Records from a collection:
- Opening Delimiter -

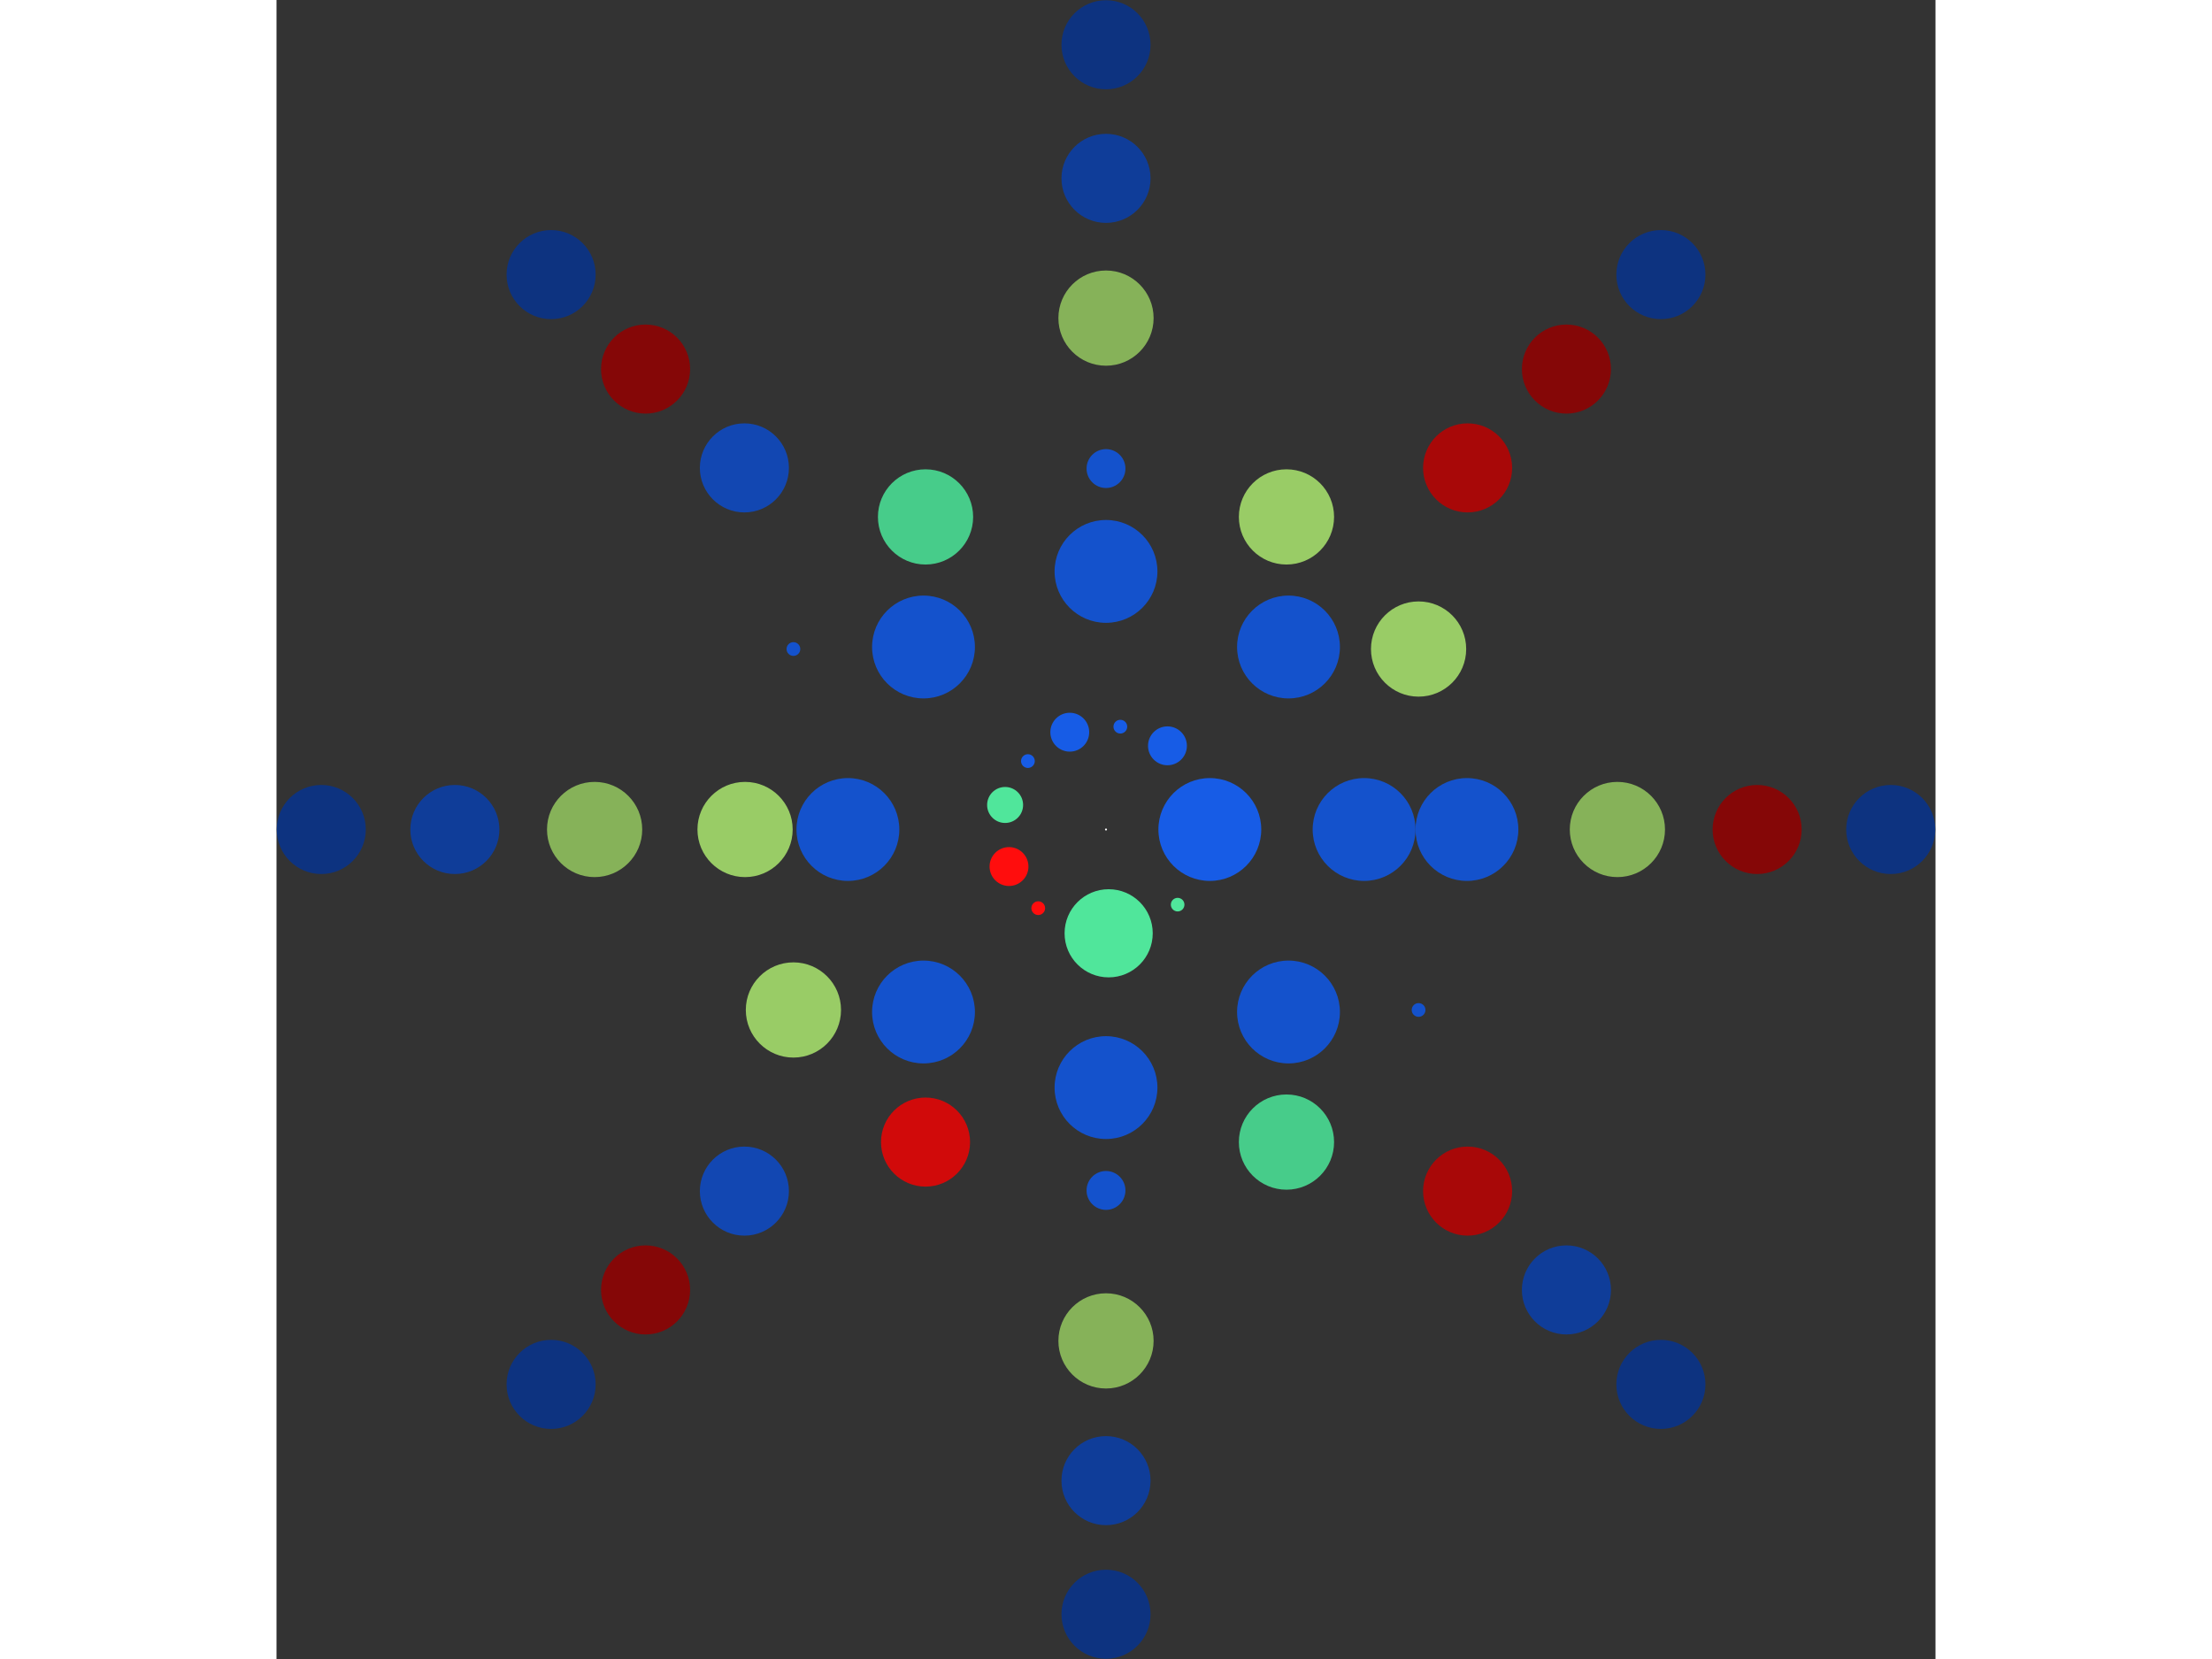 <svg xmlns="http://www.w3.org/2000/svg" viewBox="-845 -845 1690 1690" width="200" height="150">
<rect x="-845" y="-845" width="1690" height="1690" fill="#333333" stroke="none"/>
<circle cx="0" cy="0" r="1" fill="rgb(255,255,255)" />
<circle cx="105.766" cy="0" r="52.383" fill="rgb(23,92,230)" />
<circle cx="72.982" cy="76.552" r="6.928" fill="rgb(80,230,155)" />
<circle cx="2.707" cy="105.732" r="44.9" fill="rgb(80,230,155)" />
<circle cx="-69.025" cy="80.137" r="7" fill="rgb(255,13,13)" />
<circle cx="-98.806" cy="37.736" r="19.799" fill="rgb(255,13,13)" />
<circle cx="-102.772" cy="-24.99" r="18.33" fill="rgb(80,230,155)" />
<circle cx="-79.553" cy="-69.699" r="7" fill="rgb(23,92,230)" />
<circle cx="-36.902" cy="-99.12" r="19.799" fill="rgb(23,92,230)" />
<circle cx="14.606" cy="-104.753" r="7" fill="rgb(23,92,230)" />
<circle cx="62.608" cy="-85.246" r="19.799" fill="rgb(23,92,230)" />
<circle cx="262.916" cy="0" r="52.383" fill="rgb(20,82,204)" />
<circle cx="185.91" cy="185.91" r="52.383" fill="rgb(20,82,204)" />
<circle cx="1.60989629377230e-14" cy="262.916" r="52.383" fill="rgb(20,82,204)" />
<circle cx="-185.91" cy="185.91" r="52.383" fill="rgb(20,82,204)" />
<circle cx="-262.916" cy="3.21979258754460e-14" r="52.383" fill="rgb(20,82,204)" />
<circle cx="-185.91" cy="-185.91" r="52.383" fill="rgb(20,82,204)" />
<circle cx="-4.82968888131691e-14" cy="-262.916" r="52.383" fill="rgb(20,82,204)" />
<circle cx="185.91" cy="-185.91" r="52.383" fill="rgb(20,82,204)" />
<circle cx="367.682" cy="0" r="52.383" fill="rgb(20,82,204)" />
<circle cx="318.422" cy="183.841" r="7" fill="rgb(20,82,204)" />
<circle cx="183.841" cy="318.422" r="48.497" fill="rgb(71,204,138)" />
<circle cx="2.25140551768293e-14" cy="367.682" r="19.799" fill="rgb(20,82,204)" />
<circle cx="-183.841" cy="318.422" r="45.365" fill="rgb(209,10,10)" />
<circle cx="-318.422" cy="183.841" r="48.497" fill="rgb(153,204,102)" />
<circle cx="-367.682" cy="2.08311907460873e-13" r="48.497" fill="rgb(153,204,102)" />
<circle cx="-318.422" cy="-183.841" r="7" fill="rgb(20,82,204)" />
<circle cx="-183.841" cy="-318.422" r="48.497" fill="rgb(71,204,138)" />
<circle cx="-6.75421655304878e-14" cy="-367.682" r="19.799" fill="rgb(20,82,204)" />
<circle cx="183.841" cy="-318.422" r="48.497" fill="rgb(153,204,102)" />
<circle cx="318.422" cy="-183.841" r="48.497" fill="rgb(153,204,102)" />
<circle cx="520.946" cy="0" r="48.497" fill="rgb(134,178,89)" />
<circle cx="368.365" cy="368.365" r="45.365" fill="rgb(168,8,8)" />
<circle cx="3.18987580843653e-14" cy="520.946" r="48.497" fill="rgb(134,178,89)" />
<circle cx="-368.365" cy="368.365" r="45.365" fill="rgb(18,71,178)" />
<circle cx="-520.946" cy="6.37975161687306e-14" r="48.497" fill="rgb(134,178,89)" />
<circle cx="-368.365" cy="-368.365" r="45.365" fill="rgb(18,71,178)" />
<circle cx="-9.56962742530958e-14" cy="-520.946" r="48.497" fill="rgb(134,178,89)" />
<circle cx="368.365" cy="-368.365" r="45.365" fill="rgb(168,8,8)" />
<circle cx="663.306" cy="0" r="45.365" fill="rgb(133,7,7)" />
<circle cx="469.028" cy="469.028" r="45.365" fill="rgb(15,61,153)" />
<circle cx="4.06157958445680e-14" cy="663.306" r="45.365" fill="rgb(15,61,153)" />
<circle cx="-469.028" cy="469.028" r="45.365" fill="rgb(133,7,7)" />
<circle cx="-663.306" cy="8.12315916891359e-14" r="45.365" fill="rgb(15,61,153)" />
<circle cx="-469.028" cy="-469.028" r="45.365" fill="rgb(133,7,7)" />
<circle cx="-1.21847387533704e-13" cy="-663.306" r="45.365" fill="rgb(15,61,153)" />
<circle cx="469.028" cy="-469.028" r="45.365" fill="rgb(133,7,7)" />
<circle cx="799.402" cy="0" r="45.365" fill="rgb(13,51,128)" />
<circle cx="565.262" cy="565.262" r="45.365" fill="rgb(13,51,128)" />
<circle cx="4.89492451145976e-14" cy="799.402" r="45.365" fill="rgb(13,51,128)" />
<circle cx="-565.262" cy="565.262" r="45.365" fill="rgb(13,51,128)" />
<circle cx="-799.402" cy="9.78984902291952e-14" r="45.365" fill="rgb(13,51,128)" />
<circle cx="-565.262" cy="-565.262" r="45.365" fill="rgb(13,51,128)" />
<circle cx="-1.46847735343793e-13" cy="-799.402" r="45.365" fill="rgb(13,51,128)" />
<circle cx="565.262" cy="-565.262" r="45.365" fill="rgb(13,51,128)" /></svg>

- Closing Delimiter -

Output each line of the records exactly. Any picture is skipped.

 <svg xmlns="http://www.w3.org/2000/svg" viewBox="-845 -845 1690 1690" width="200" height="150">
<rect x="-845" y="-845" width="1690" height="1690" fill="#333333" stroke="none"/>
<circle cx="0" cy="0" r="1" fill="rgb(255,255,255)" />
<circle cx="105.766" cy="0" r="52.383" fill="rgb(23,92,230)" />
<circle cx="72.982" cy="76.552" r="6.928" fill="rgb(80,230,155)" />
<circle cx="2.707" cy="105.732" r="44.9" fill="rgb(80,230,155)" />
<circle cx="-69.025" cy="80.137" r="7" fill="rgb(255,13,13)" />
<circle cx="-98.806" cy="37.736" r="19.799" fill="rgb(255,13,13)" />
<circle cx="-102.772" cy="-24.99" r="18.33" fill="rgb(80,230,155)" />
<circle cx="-79.553" cy="-69.699" r="7" fill="rgb(23,92,230)" />
<circle cx="-36.902" cy="-99.12" r="19.799" fill="rgb(23,92,230)" />
<circle cx="14.606" cy="-104.753" r="7" fill="rgb(23,92,230)" />
<circle cx="62.608" cy="-85.246" r="19.799" fill="rgb(23,92,230)" />
<circle cx="262.916" cy="0" r="52.383" fill="rgb(20,82,204)" />
<circle cx="185.91" cy="185.91" r="52.383" fill="rgb(20,82,204)" />
<circle cx="1.60989629377230e-14" cy="262.916" r="52.383" fill="rgb(20,82,204)" />
<circle cx="-185.91" cy="185.91" r="52.383" fill="rgb(20,82,204)" />
<circle cx="-262.916" cy="3.21979258754460e-14" r="52.383" fill="rgb(20,82,204)" />
<circle cx="-185.91" cy="-185.91" r="52.383" fill="rgb(20,82,204)" />
<circle cx="-4.82968888131691e-14" cy="-262.916" r="52.383" fill="rgb(20,82,204)" />
<circle cx="185.91" cy="-185.91" r="52.383" fill="rgb(20,82,204)" />
<circle cx="367.682" cy="0" r="52.383" fill="rgb(20,82,204)" />
<circle cx="318.422" cy="183.841" r="7" fill="rgb(20,82,204)" />
<circle cx="183.841" cy="318.422" r="48.497" fill="rgb(71,204,138)" />
<circle cx="2.25140551768293e-14" cy="367.682" r="19.799" fill="rgb(20,82,204)" />
<circle cx="-183.841" cy="318.422" r="45.365" fill="rgb(209,10,10)" />
<circle cx="-318.422" cy="183.841" r="48.497" fill="rgb(153,204,102)" />
<circle cx="-367.682" cy="2.08311907460873e-13" r="48.497" fill="rgb(153,204,102)" />
<circle cx="-318.422" cy="-183.841" r="7" fill="rgb(20,82,204)" />
<circle cx="-183.841" cy="-318.422" r="48.497" fill="rgb(71,204,138)" />
<circle cx="-6.75421655304878e-14" cy="-367.682" r="19.799" fill="rgb(20,82,204)" />
<circle cx="183.841" cy="-318.422" r="48.497" fill="rgb(153,204,102)" />
<circle cx="318.422" cy="-183.841" r="48.497" fill="rgb(153,204,102)" />
<circle cx="520.946" cy="0" r="48.497" fill="rgb(134,178,89)" />
<circle cx="368.365" cy="368.365" r="45.365" fill="rgb(168,8,8)" />
<circle cx="3.18987580843653e-14" cy="520.946" r="48.497" fill="rgb(134,178,89)" />
<circle cx="-368.365" cy="368.365" r="45.365" fill="rgb(18,71,178)" />
<circle cx="-520.946" cy="6.37975161687306e-14" r="48.497" fill="rgb(134,178,89)" />
<circle cx="-368.365" cy="-368.365" r="45.365" fill="rgb(18,71,178)" />
<circle cx="-9.56962742530958e-14" cy="-520.946" r="48.497" fill="rgb(134,178,89)" />
<circle cx="368.365" cy="-368.365" r="45.365" fill="rgb(168,8,8)" />
<circle cx="663.306" cy="0" r="45.365" fill="rgb(133,7,7)" />
<circle cx="469.028" cy="469.028" r="45.365" fill="rgb(15,61,153)" />
<circle cx="4.06157958445680e-14" cy="663.306" r="45.365" fill="rgb(15,61,153)" />
<circle cx="-469.028" cy="469.028" r="45.365" fill="rgb(133,7,7)" />
<circle cx="-663.306" cy="8.12315916891359e-14" r="45.365" fill="rgb(15,61,153)" />
<circle cx="-469.028" cy="-469.028" r="45.365" fill="rgb(133,7,7)" />
<circle cx="-1.21847387533704e-13" cy="-663.306" r="45.365" fill="rgb(15,61,153)" />
<circle cx="469.028" cy="-469.028" r="45.365" fill="rgb(133,7,7)" />
<circle cx="799.402" cy="0" r="45.365" fill="rgb(13,51,128)" />
<circle cx="565.262" cy="565.262" r="45.365" fill="rgb(13,51,128)" />
<circle cx="4.89492451145976e-14" cy="799.402" r="45.365" fill="rgb(13,51,128)" />
<circle cx="-565.262" cy="565.262" r="45.365" fill="rgb(13,51,128)" />
<circle cx="-799.402" cy="9.78984902291952e-14" r="45.365" fill="rgb(13,51,128)" />
<circle cx="-565.262" cy="-565.262" r="45.365" fill="rgb(13,51,128)" />
<circle cx="-1.46847735343793e-13" cy="-799.402" r="45.365" fill="rgb(13,51,128)" />
<circle cx="565.262" cy="-565.262" r="45.365" fill="rgb(13,51,128)" /></svg>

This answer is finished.